Even with all that, the Huskies have the most depth, the most versatility and, arguably, the most potential at one largely overlooked position: tight end.

“It’s a good problem to have,” UW tight ends coach Jordan Paopao said.

Senior Drew Sample, a Newport High product, has been a regular starter the past three seasons. A block-first tight end, Sample is as dependable as anyone on the roster.

“Having a guy like Drew Sample, this will be his room,” Paopao said. “He’s been around for awhile now, he knows how to operate and what to expect from me and he can keep those young guys in line.”

Sophomore Hunter Bryant was one of the Huskies’ brightest young players in 2017 before a knee injury in late October sidelined him for the rest of the regular season.

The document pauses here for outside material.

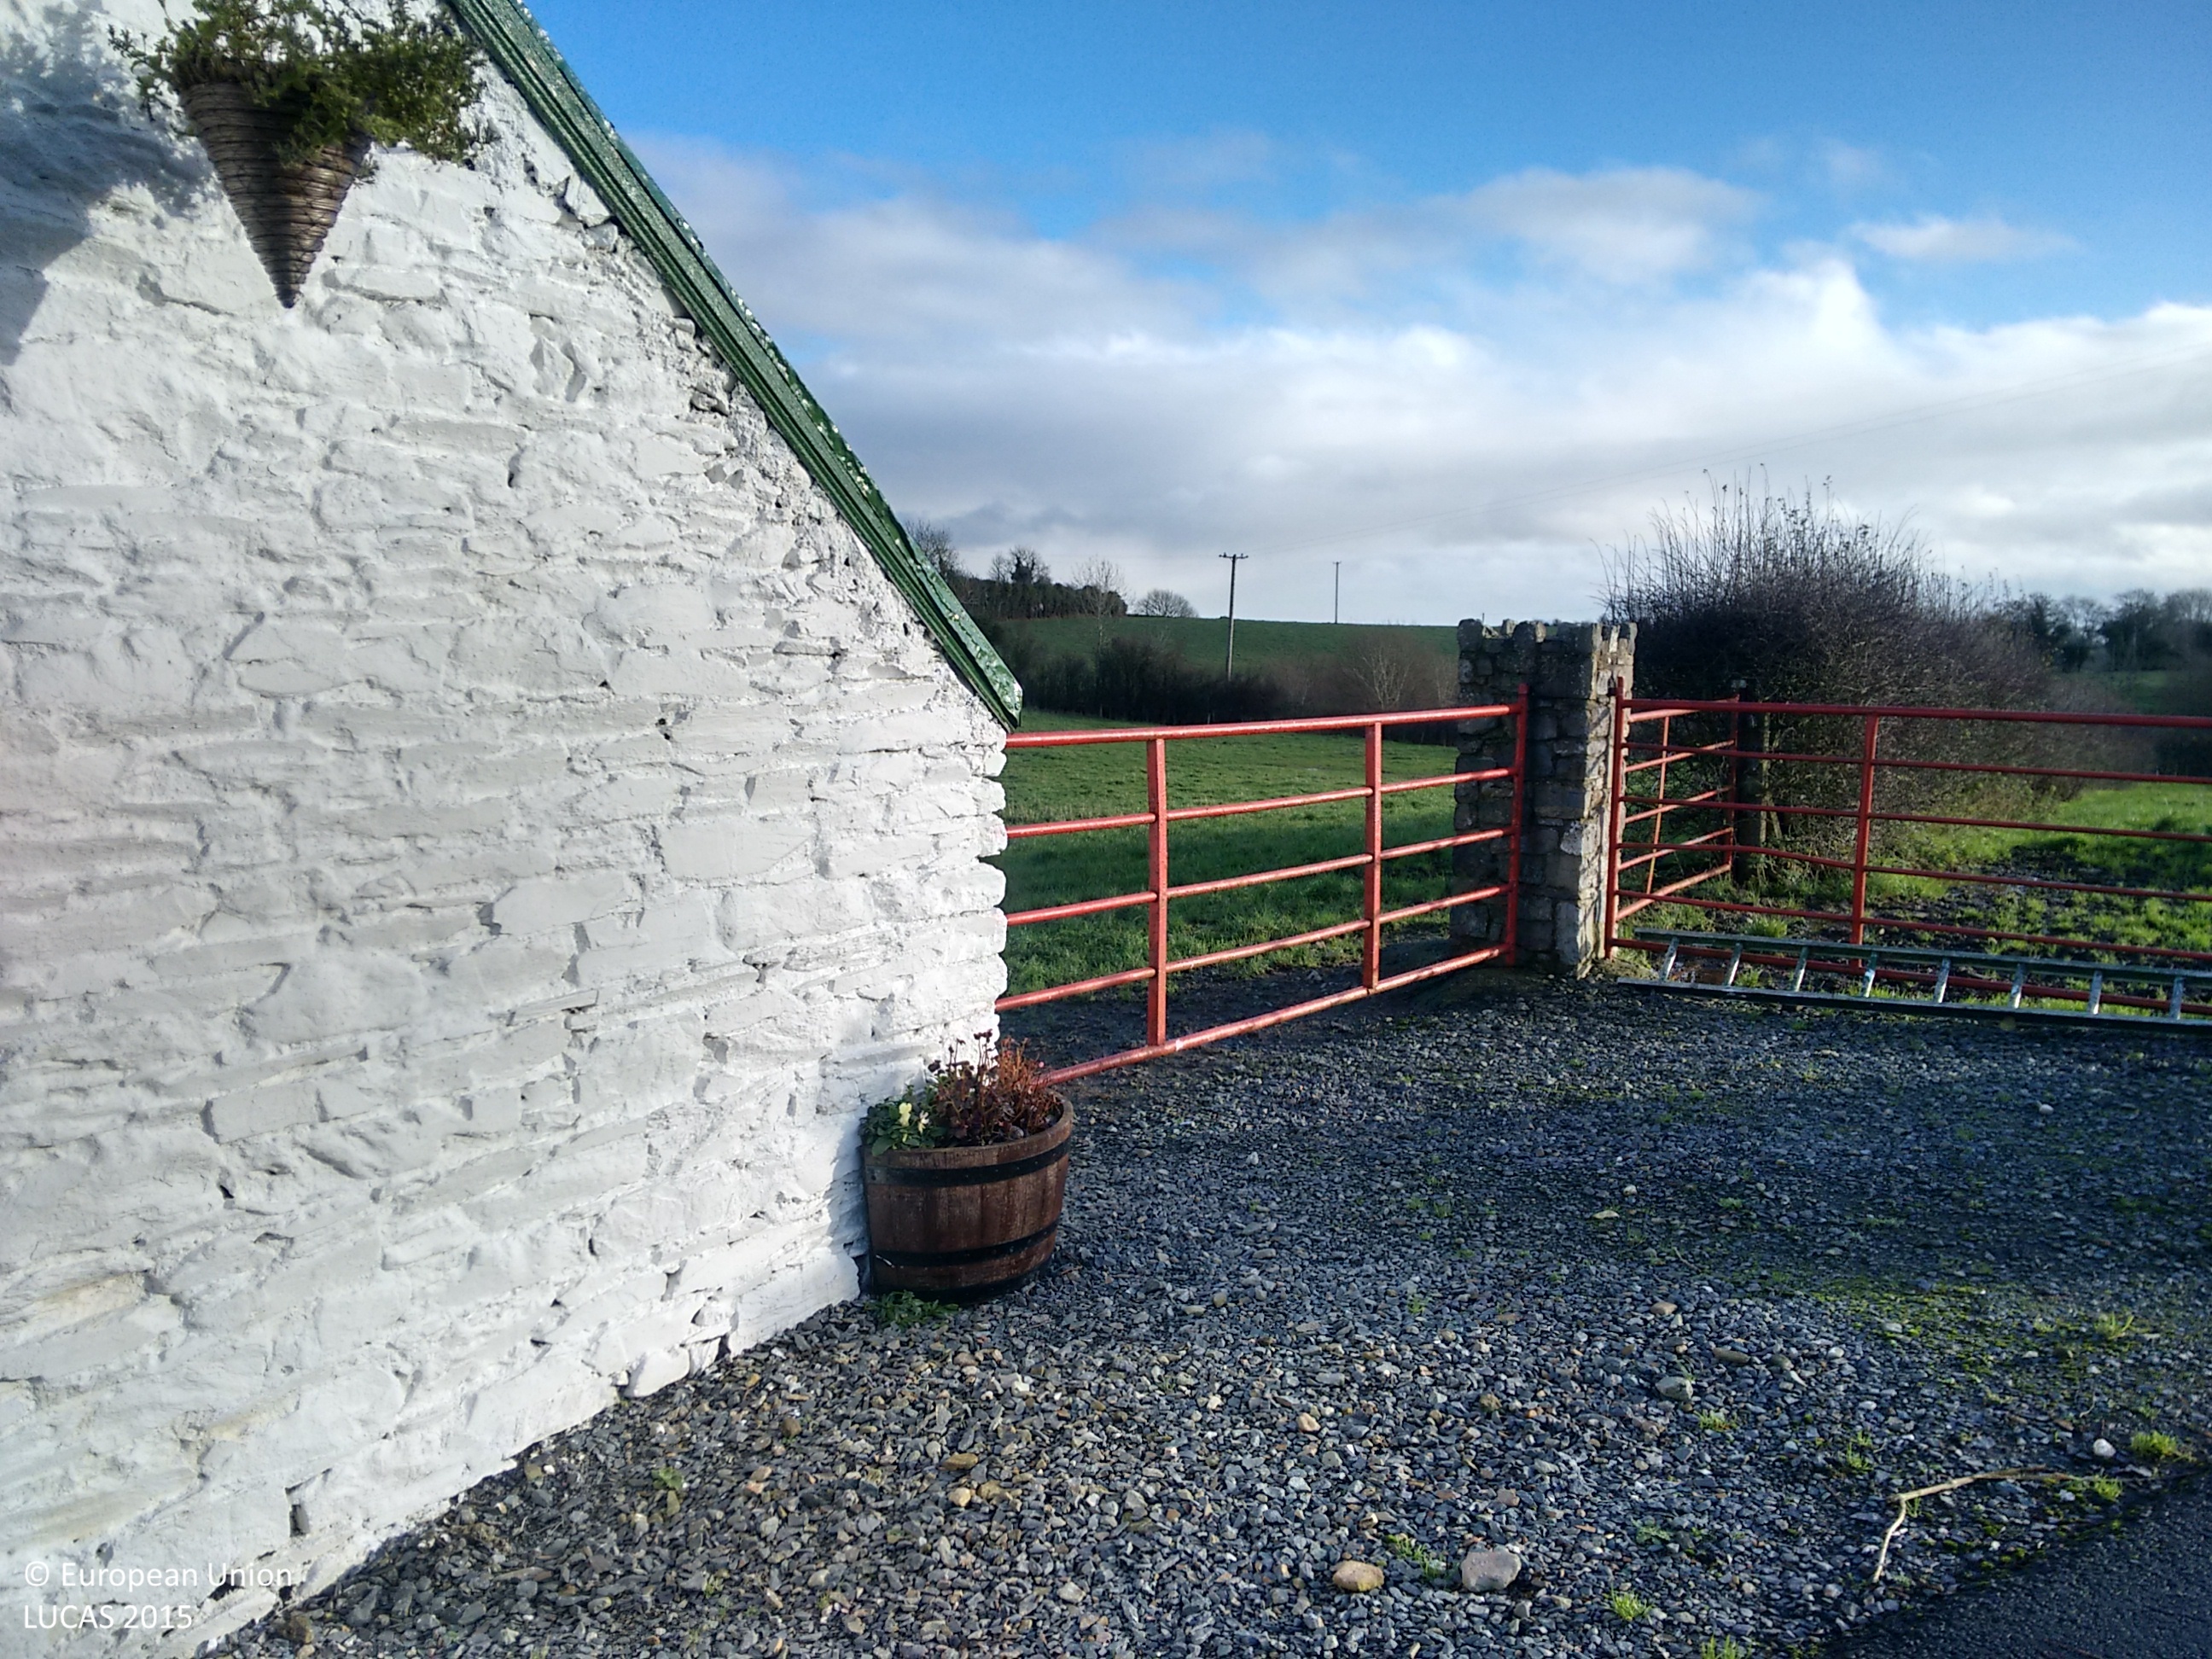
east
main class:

He still finished third on the team in receptions (with 22, for 331 yards and one touchdown) and earned ESPN Freshman All-America honors.

“He’s obviously a guy who can stretch the field and make big-time plays, as you saw last year,” Sample said. “But he’s also playing a big role for us in the blocking game. He’s starting to come along there. For him, he’s taking steps to being more of an all-around tight end.”

Bryant says he’s “pretty close” to being 100 percent healthy after suffering ligament damage in his left knee against UCLA last Oct. 28.

He was able to come back and suit up for the Huskies in the Fiesta Bowl, but he only played a couple snaps against Penn State. He said he spent just about every day this winter working with trainers to rehab the knee.

“I’m feeling pretty good,” he said Monday. “Our training staff is incredible.”

Paopao said the plan has been to ease Bryant back into action this spring. He doesn’t want to push his young tight end too much too soon.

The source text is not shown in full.